# Solution

In [1]:
%matplotlib inline

## Preparation

In [2]:
import pandas as pd

io_params = {
    'parse_dates': ['epoch']
}

train = pd.read_csv('data/train.csv', **io_params)

Remove the duplicates.

In [3]:
import datetime as dt
import tqdm

dtypes = train.dtypes.to_dict()

cols_to_shift = train.columns.difference(['x_sim', 'y_sim', 'z_sim', 'Vx_sim', 'Vy_sim', 'Vz_sim'])

train_sats = []

for sat_id in tqdm.tqdm(train['sat_id'].unique(), position=0):
    
    g = train.query('sat_id == @sat_id').copy()
    dups = g[g['epoch'].diff() < dt.timedelta(seconds=60)].index
    
    for i in reversed(dups):
        g.loc[i:, cols_to_shift] = g.loc[i:, cols_to_shift].shift(-1)
        
    g = g.drop(g[g['x'].isnull()].index)
    g['percent'] = pd.np.arange(1, len(g) + 1) / len(g)
        
    train_sats.append(g)
    
train = pd.concat(train_sats).astype(dtypes)

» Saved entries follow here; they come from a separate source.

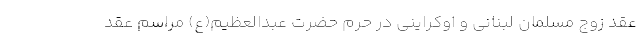
عقد زوج مسلمان لبنانی و اوکراینی در حرم حضرت عبدالعظیم(ع) مراسم عقد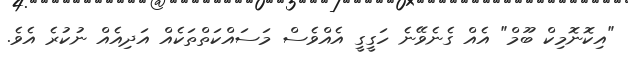
"އިކޮނޮމިކް ބޫމް" އެއް ގެނެވޭނެ ހަގީގީ އެއްވެސް މަސައްކަތްތަކެއް އަދިއެއް ނުކުރެ އެވެ.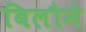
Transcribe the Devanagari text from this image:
बिलौने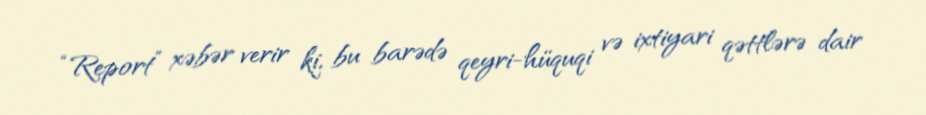
“Report” xəbər verir ki, bu barədə qeyri-hüquqi və ixtiyari qəttlərə dair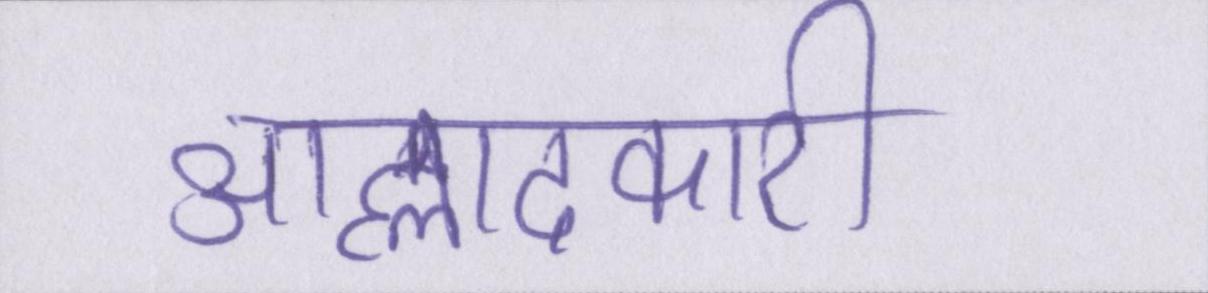
आह्लादकारी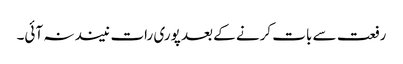
رفعت سے بات کرنے کے بعد پوری رات نیند نہ آئی۔
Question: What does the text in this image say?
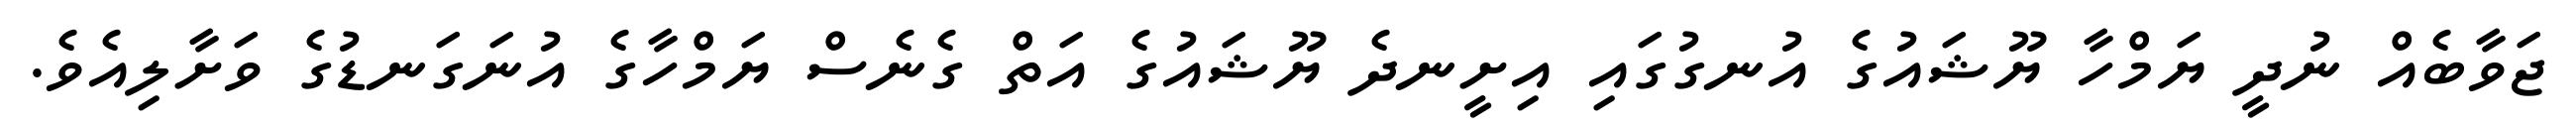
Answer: ޖަވާބެއް ނުދީ ޔަމްހާ ޔޫޝައުގެ އުނގުގައި އިށީނދެ ޔޫޝައުގެ އަތް ގެނެސް ޔަމްހާގެ އުނަގަނޑުގެ ވަށާލިއެވެ.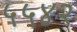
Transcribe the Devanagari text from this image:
५५४२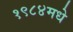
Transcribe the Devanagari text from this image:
१९८४मधे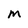
Character: M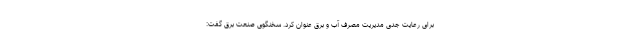
برای رعایت جدی مدیریت مصرف آب و برق عنوان کرد. سخنگوی صنعت برق گفت: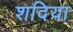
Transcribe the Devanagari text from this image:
शदिया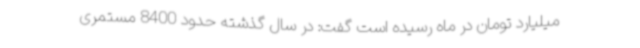
میلیارد تومان در ماه رسیده است گفت: در سال گذشته حدود 8400 مستمری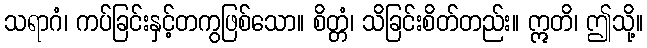
သရာဂံ၊ ကပ်ခြင်းနှင့်တကွဖြစ်သော။ စိတ္တံ၊ သိခြင်းစိတ်တည်း။ ဣတိ၊ ဤသို့။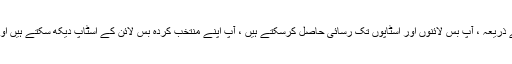
درخواست میں "تلاش" اسکرین کے ذریعہ ، آپ بس لائنوں اور اسٹاپوں تک رسائی حاصل کرسکتے ہیں ، آپ اپنے منتخب کردہ بس لائن کے اسٹاپ دیکھ سکتے ہیں اور بسیں کس اسٹاپ پر چل رہی ہیں۔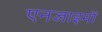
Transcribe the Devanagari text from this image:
एनजाइमों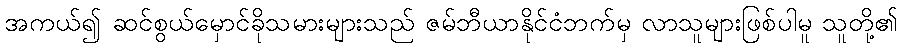
အကယ်၍ ဆင်စွယ်မှောင်ခိုသမားများသည် ဇမ်ဘီယာနိုင်ငံဘက်မှ လာသူများဖြစ်ပါမူ သူတို့၏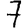
Digit: 7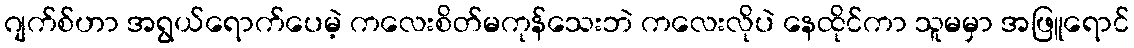
ဂျက်စ်ဟာ အရွယ်ရောက်ပေမဲ့ ကလေးစိတ်မကုန်သေးဘဲ ကလေးလိုပဲ နေထိုင်ကာ သူမမှာ အဖြူရောင်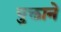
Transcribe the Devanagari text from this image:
युक्ताने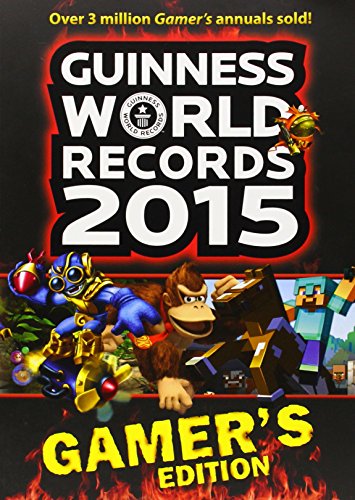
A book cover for Guinness World Records 2015 Gamer's Edition; Guinness World Records; Humor & Entertainment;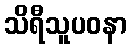
သိရီသူပဝနာ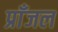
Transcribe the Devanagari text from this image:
प्राँजल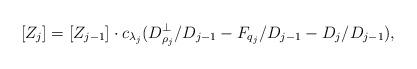
LaTeX: \begin{align*} [Z_j] = [Z_{j-1}] \cdot c_{\lambda_j}( D_{\rho_j}^\perp/D_{j-1} - F_{q_j}/D_{j-1} - D_j/D_{j-1} ),\end{align*}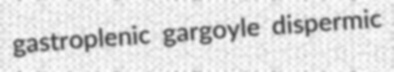
gastroplenic gargoyle dispermic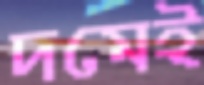
দমেই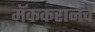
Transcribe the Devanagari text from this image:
मॅककरानचे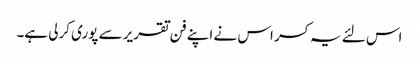
اس لئے یہ کسر اس نے اپنے فن تقریر سے پوری کرلی ہے۔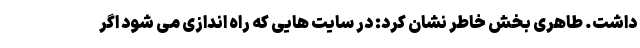
داشت. طاهری بخش خاطر نشان کرد: در سایت هایی که راه اندازی می شود اگر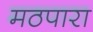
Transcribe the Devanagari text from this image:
मठपारा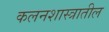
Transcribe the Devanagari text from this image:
कलनशास्त्रातील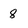
Character: 8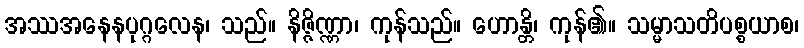
အဿအနေနပုဂ္ဂလေန၊ သည်။ နိဇ္ဇိဏ္ဏာ၊ ကုန်သည်။ ဟောန္တိ၊ ကုန်၏။ သမ္မာသတိပစ္စယာစ၊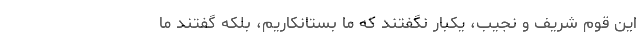
این قوم شریف و نجیب، یکبار نگفتند که ما بستانکاریم، بلکه گفتند ما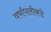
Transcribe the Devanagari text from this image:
वर्षांपलीकडे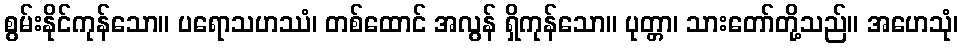
စွမ်းနိုင်ကုန်သော။ ပရောသဟဿံ၊ တစ်ထောင် အလွန် ရှိကုန်သော။ ပုတ္တာ၊ သားတော်တို့သည်။ အဟေသုံ၊

100%|██████████| 600/600 [00:05<00:00, 101.84it/s]


Merge train and test.

In [4]:
test = pd.read_csv('data/Track 1/test.csv', **io_params)
data = pd.concat((train, test), sort=False)
data['is_train'] = data['x'].notnull()
data = data.sort_values(['sat_id', 'epoch'])
data['is_track_1'] = data['sat_id'].isin(data.query('not is_train')['sat_id'].unique())

Implement SMAPE.

In [5]:
import numpy as np

def smape(y_true, y_pred): 
    return np.mean(np.abs((y_pred - y_true) / (np.abs(y_pred) + np.abs(y_true))))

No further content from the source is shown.